15.3. Das Schiedsgericht fällt seine Entscheidungen bei der Anwesenheit aller seiner Mitglieder mit einfacher Stimmenmehrheit. Es entscheidet nach bestem Wissen und Gewissen. Seine Entscheidungen sind vereinsintern endgültig.
§ 16 Die Generalversammlung, Obliegenheiten und Geschäftsordnung derselben

(1)Die ordentliche Generalversammlung findet jährlich, vorzugsweise gegen Ende des Geschäftsjahres, statt und muß wenigstens 14 Tage vorher den Mitgliedern bekannt gegeben werden.
(2)Anträge, die bei diesen Versammlungen unbedingt behandelt werden müssen, sind bis 8 Tage vor der Generalversammlung beim Vorstand schriftlich einzubringen.
(3)Der Generalversammlung ist vorbehalten:
             - Die Wahl des Vorstandes nach Periodenablauf und bei Bedarf immer.
             - Die Wahl der Rechnungsrevisoren nach Periodenablauf und bei Bedarf immer.
             - Die Festsetzung der Beitrittsgebühr, der Mitgliedsbeiträge und anderer Beiträge
             - Die Änderung der Statuten.
             - Die Auflösung des Vereines.
             - Die Zu- und Aberkennung der Ehrenmitgliedschaft auf Antrag.
(4)Die Generalversammlung kann weitere Beorderte festlegen, welche gleichzeitig Vorstandsmitglieder sein können. Dabei muß auch der Aufgabenkreis festgelegt werden.
(5)Die Einberufung einer außerordentlichen Generalversammlung muß erfolgen, wenn wenigstens 10% der Vollmitglieder (Gründer, Ehrenmitglieder) unter schriftlicher Bekanntgabe der gewünschten Tagesordnung bei dem Vorstand darum ansuchen. Der Vorstand ist in diesem Falle verpflichtet die Versammlung innerhalb eines Monats einzuberufen.
(6)Jede Generalversammlung ist beschlußfähig, wenn ein Drittel der stimmberechtigten Mitglieder anwesend ist. Ist diese Anzahl nicht termingerecht erschienen, dann findet eine Stunde später eine neue Generalversammlung mit derselben Tagesordnung statt, welche ohne Rücksicht der Anzahl der Anwesenden beschlußfähig ist.
(7)Alle Wahlen und Beschlüsse erfolgen, soweit diese Statuten nicht anders vorsehen, mit einfacher Stimmenmehrheit, bei Stimmengleichheit gilt der Gegenstand als abgelehnt.

 

§ 17 Auflösung des Vereines

(1)Die freiwillige Auflösung des Vereines wird mit dreiviertel Majorität in einer hierzu eigens bestimmten Generalversammlung beschlossen.
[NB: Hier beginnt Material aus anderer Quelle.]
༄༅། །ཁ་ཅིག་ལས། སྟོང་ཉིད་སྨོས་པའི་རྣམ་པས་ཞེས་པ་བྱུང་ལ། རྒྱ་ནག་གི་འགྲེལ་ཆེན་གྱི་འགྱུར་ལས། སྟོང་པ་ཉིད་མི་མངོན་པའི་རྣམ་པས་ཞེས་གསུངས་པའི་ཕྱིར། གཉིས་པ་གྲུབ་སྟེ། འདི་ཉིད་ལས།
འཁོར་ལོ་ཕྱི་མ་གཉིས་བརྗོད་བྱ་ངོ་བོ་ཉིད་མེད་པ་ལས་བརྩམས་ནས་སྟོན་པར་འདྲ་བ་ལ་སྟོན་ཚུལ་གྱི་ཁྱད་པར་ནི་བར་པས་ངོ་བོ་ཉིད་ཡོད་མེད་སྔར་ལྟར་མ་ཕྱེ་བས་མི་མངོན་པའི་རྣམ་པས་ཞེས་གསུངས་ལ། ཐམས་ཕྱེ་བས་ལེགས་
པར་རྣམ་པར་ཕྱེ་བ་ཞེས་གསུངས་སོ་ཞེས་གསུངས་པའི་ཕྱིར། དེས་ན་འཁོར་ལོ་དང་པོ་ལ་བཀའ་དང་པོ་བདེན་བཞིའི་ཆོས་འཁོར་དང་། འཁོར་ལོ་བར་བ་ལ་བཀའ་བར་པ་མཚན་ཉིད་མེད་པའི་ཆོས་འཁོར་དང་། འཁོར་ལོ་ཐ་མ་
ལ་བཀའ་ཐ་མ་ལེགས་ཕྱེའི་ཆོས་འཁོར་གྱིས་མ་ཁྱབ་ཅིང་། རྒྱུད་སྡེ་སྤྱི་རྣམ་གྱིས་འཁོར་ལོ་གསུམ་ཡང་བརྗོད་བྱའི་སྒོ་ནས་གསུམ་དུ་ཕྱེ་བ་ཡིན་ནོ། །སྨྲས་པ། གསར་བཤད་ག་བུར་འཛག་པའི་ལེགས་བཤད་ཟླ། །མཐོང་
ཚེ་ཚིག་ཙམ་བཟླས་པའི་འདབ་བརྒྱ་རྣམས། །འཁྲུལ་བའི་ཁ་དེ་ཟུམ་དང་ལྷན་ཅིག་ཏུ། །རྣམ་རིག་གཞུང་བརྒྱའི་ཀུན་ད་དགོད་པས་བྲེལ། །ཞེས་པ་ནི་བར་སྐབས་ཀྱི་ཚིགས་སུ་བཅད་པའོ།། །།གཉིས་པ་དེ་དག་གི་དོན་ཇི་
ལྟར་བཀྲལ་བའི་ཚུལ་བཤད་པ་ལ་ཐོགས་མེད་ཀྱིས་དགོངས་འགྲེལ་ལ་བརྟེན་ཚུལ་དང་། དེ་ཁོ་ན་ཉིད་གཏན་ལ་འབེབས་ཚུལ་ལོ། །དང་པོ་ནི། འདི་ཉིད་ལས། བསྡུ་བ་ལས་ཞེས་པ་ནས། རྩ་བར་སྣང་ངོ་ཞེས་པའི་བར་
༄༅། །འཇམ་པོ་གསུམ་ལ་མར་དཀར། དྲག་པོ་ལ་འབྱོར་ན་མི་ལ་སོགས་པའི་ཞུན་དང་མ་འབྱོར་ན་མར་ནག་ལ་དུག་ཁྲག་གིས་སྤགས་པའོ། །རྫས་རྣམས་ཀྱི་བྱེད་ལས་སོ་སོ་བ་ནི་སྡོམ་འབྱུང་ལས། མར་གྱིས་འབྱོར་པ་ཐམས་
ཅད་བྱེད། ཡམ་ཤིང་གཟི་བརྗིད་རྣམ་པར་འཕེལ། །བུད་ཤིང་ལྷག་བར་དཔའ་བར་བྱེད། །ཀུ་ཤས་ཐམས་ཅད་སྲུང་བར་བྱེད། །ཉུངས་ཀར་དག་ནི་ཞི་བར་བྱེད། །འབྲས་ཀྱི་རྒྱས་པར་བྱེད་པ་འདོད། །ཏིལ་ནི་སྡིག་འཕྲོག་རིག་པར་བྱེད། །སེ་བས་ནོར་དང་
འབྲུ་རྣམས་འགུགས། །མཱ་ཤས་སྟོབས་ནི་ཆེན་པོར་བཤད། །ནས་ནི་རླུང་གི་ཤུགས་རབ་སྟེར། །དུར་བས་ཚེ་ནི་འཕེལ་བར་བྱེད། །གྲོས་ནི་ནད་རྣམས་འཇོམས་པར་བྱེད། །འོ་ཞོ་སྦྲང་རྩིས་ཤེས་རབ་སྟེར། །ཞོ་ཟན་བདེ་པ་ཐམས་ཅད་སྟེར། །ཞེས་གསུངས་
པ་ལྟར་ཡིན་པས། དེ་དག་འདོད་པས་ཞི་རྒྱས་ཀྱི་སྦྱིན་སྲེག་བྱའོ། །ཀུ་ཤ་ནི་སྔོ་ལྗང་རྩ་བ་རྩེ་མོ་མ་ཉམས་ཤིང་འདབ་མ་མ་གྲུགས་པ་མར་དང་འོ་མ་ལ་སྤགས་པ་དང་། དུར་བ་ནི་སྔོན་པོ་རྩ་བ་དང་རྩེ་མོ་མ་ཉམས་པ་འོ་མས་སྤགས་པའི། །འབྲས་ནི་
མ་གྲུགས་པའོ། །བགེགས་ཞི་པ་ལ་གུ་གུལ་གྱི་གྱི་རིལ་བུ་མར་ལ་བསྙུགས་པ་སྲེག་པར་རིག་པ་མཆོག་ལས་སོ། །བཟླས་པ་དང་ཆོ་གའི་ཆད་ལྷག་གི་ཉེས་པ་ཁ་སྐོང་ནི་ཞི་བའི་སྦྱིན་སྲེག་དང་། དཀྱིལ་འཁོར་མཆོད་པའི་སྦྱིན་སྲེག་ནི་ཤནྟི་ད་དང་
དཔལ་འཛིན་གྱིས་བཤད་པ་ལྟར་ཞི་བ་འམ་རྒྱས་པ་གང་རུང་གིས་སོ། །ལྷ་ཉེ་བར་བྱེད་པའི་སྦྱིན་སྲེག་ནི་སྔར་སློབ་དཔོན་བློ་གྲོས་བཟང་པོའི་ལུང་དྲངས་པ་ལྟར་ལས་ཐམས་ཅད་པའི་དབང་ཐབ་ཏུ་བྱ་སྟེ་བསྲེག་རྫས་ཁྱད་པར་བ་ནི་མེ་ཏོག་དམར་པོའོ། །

Die Generalversammlung ist jedoch nur beschlußfähig, wenn mindestens zwei Drittel der Mitglieder anwesend sind.
(2)Das noch vorhandene Vereinsvermögen wird im Falle der freiwilligen Auflösung bevorzugt dem roten Kreuz, oder einer Nachfolgeorganisation gleicher Zielrichtung, auf alle Fälle einem wohltätigen, allgemein nützenden Zweck, welche die Generalversammlung bestimmt, zugeführt.

(3)Die Auflösung ist vom letzen Vereinsvorstand der Behörde schriftlich anzuzeigen.